Source data
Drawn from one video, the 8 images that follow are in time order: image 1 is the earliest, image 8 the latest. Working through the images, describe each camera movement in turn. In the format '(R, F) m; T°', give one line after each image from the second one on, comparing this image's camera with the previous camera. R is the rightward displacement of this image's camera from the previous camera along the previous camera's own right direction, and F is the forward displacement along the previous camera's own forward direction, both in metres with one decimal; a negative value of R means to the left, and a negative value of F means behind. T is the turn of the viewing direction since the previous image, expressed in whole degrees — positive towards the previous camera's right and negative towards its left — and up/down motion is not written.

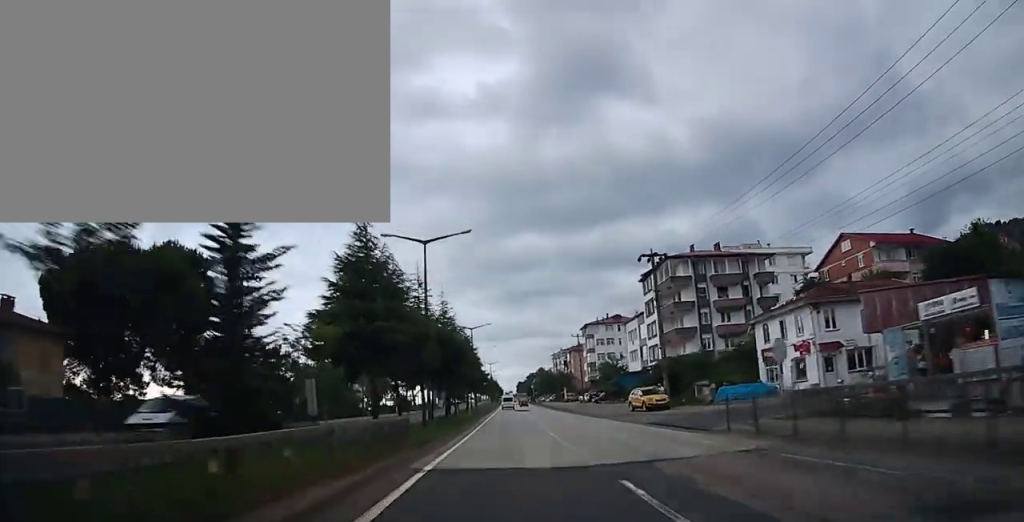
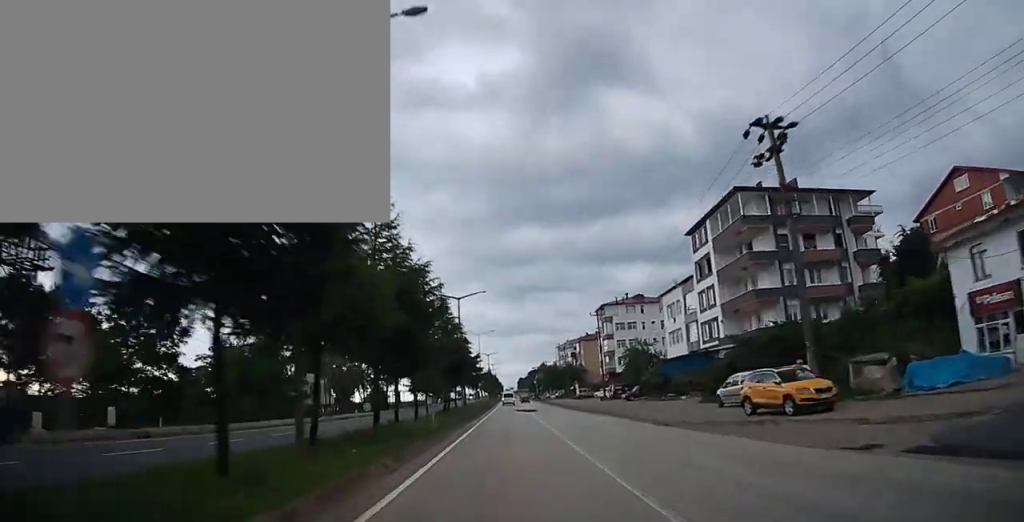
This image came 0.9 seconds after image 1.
(0.0, +20.6) m; 0°
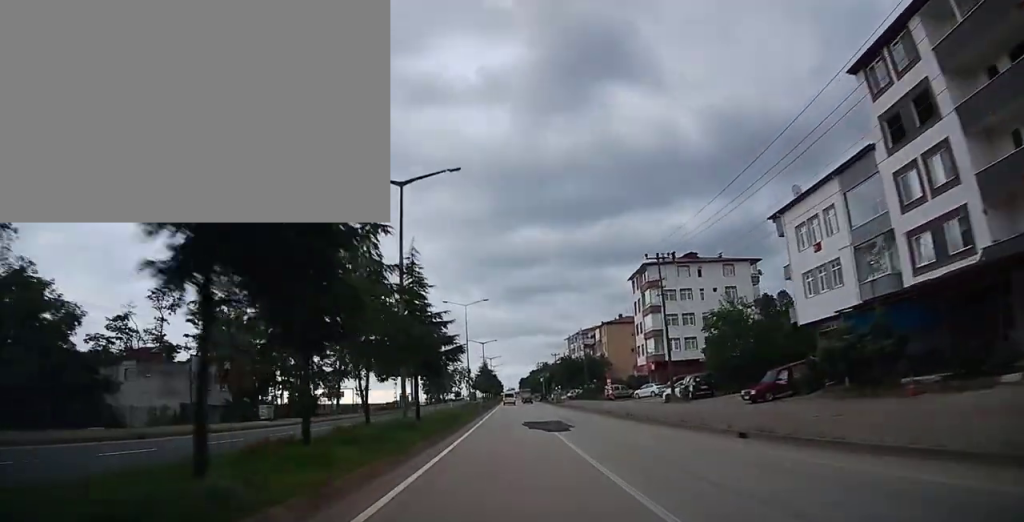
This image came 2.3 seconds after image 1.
(-0.1, +30.4) m; -1°
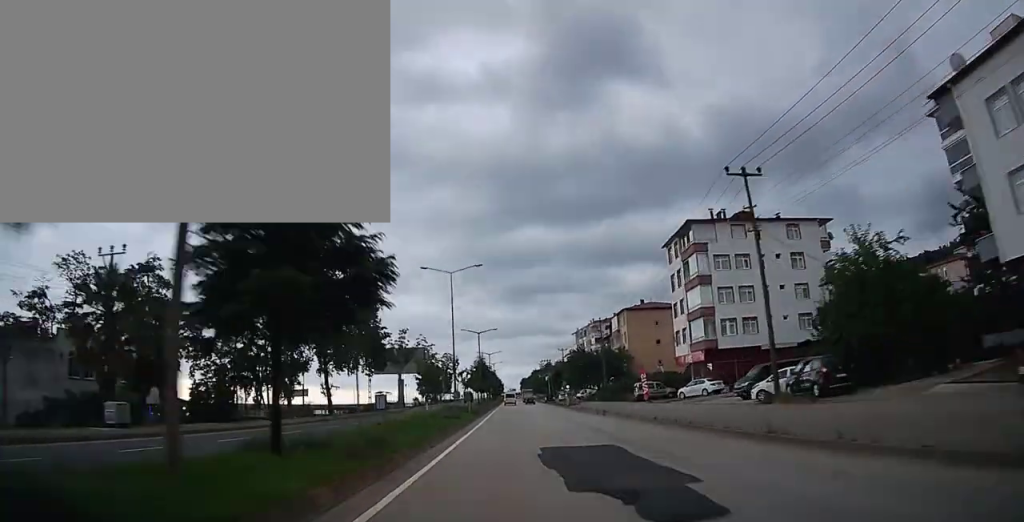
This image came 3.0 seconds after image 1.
(-0.1, +16.3) m; 0°
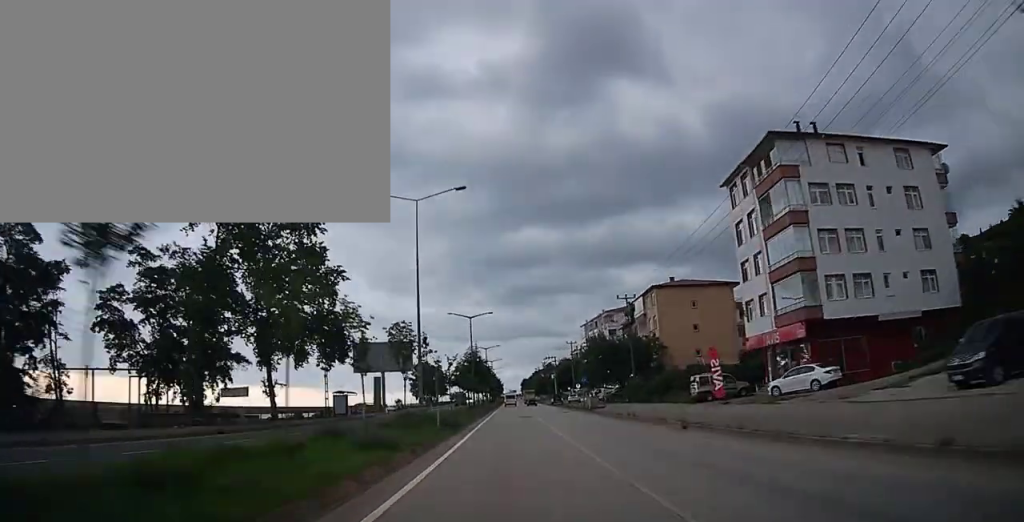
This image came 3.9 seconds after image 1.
(0.0, +18.6) m; 0°
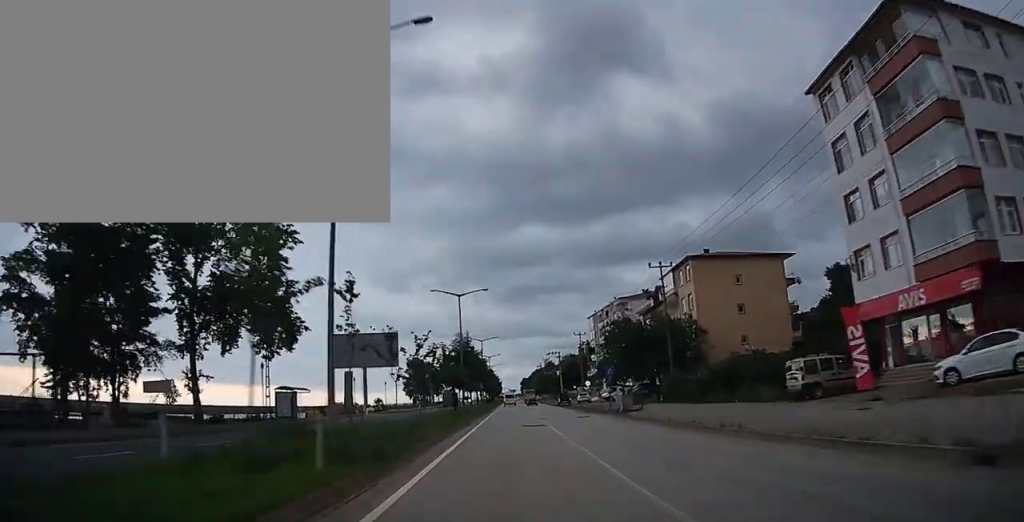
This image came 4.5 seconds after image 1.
(+0.1, +14.1) m; 0°
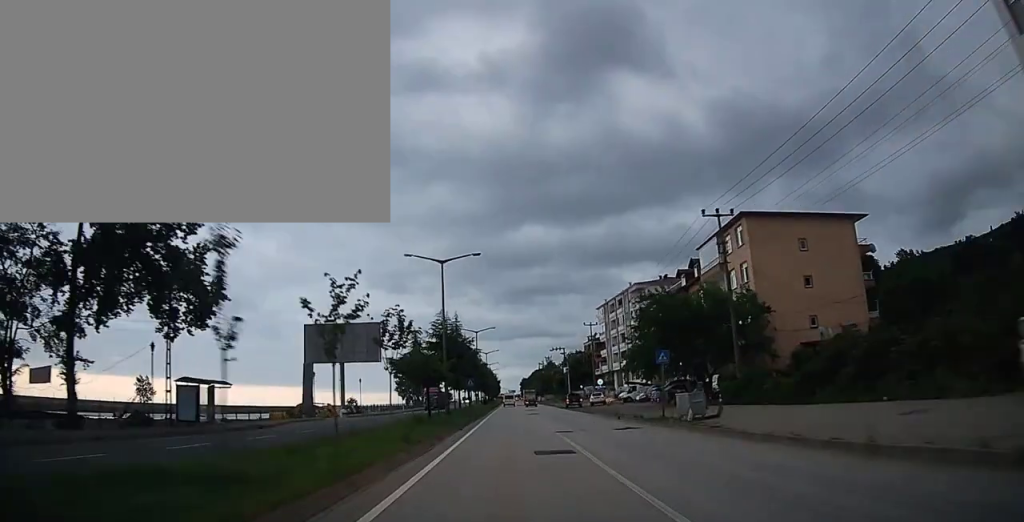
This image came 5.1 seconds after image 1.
(-0.1, +12.7) m; 0°
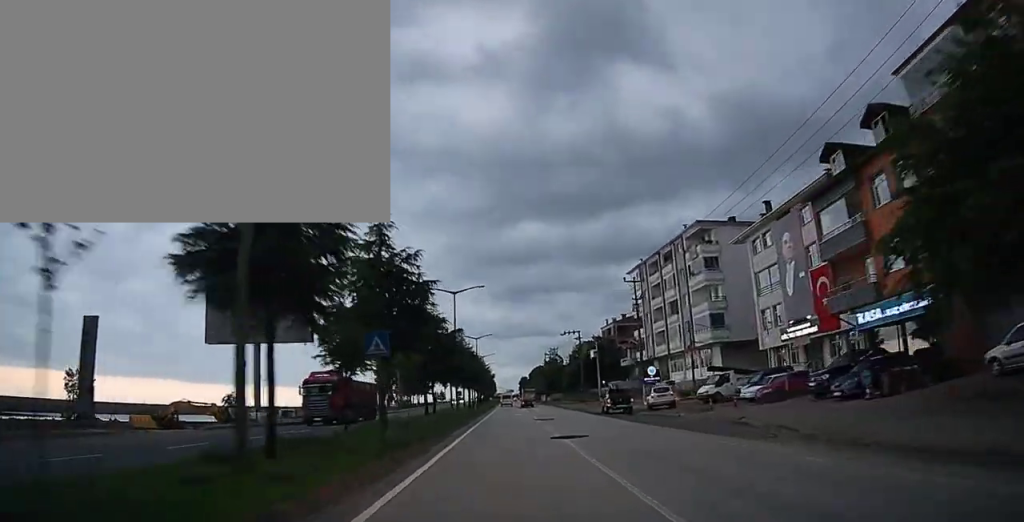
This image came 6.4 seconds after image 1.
(-0.1, +30.8) m; 0°

## EXERCISE DESCRIPTION
Reproduce all of the entries above word for word, but leave out their pictures.

## RESPONSE
Drawn from one video, the 8 images that follow are in time order: image 1 is the earliest, image 8 the latest. Working through the images, describe each camera movement in turn. In the format '(R, F) m; T°', give one line after each image from the second one on, comparing this image's camera with the previous camera. R is the rightward displacement of this image's camera from the previous camera along the previous camera's own right direction, and F is the forward displacement along the previous camera's own forward direction, both in metres with one decimal; a negative value of R means to the left, and a negative value of F means behind. T is the turn of the viewing direction since the previous image, expressed in whole degrees — positive towards the previous camera's right and negative towards its left — and up/down motion is not written.

This image came 0.9 seconds after image 1.
(0.0, +20.6) m; 0°
This image came 2.3 seconds after image 1.
(-0.1, +30.4) m; -1°
This image came 3.0 seconds after image 1.
(-0.1, +16.3) m; 0°
This image came 3.9 seconds after image 1.
(0.0, +18.6) m; 0°
This image came 4.5 seconds after image 1.
(+0.1, +14.1) m; 0°
This image came 5.1 seconds after image 1.
(-0.1, +12.7) m; 0°
This image came 6.4 seconds after image 1.
(-0.1, +30.8) m; 0°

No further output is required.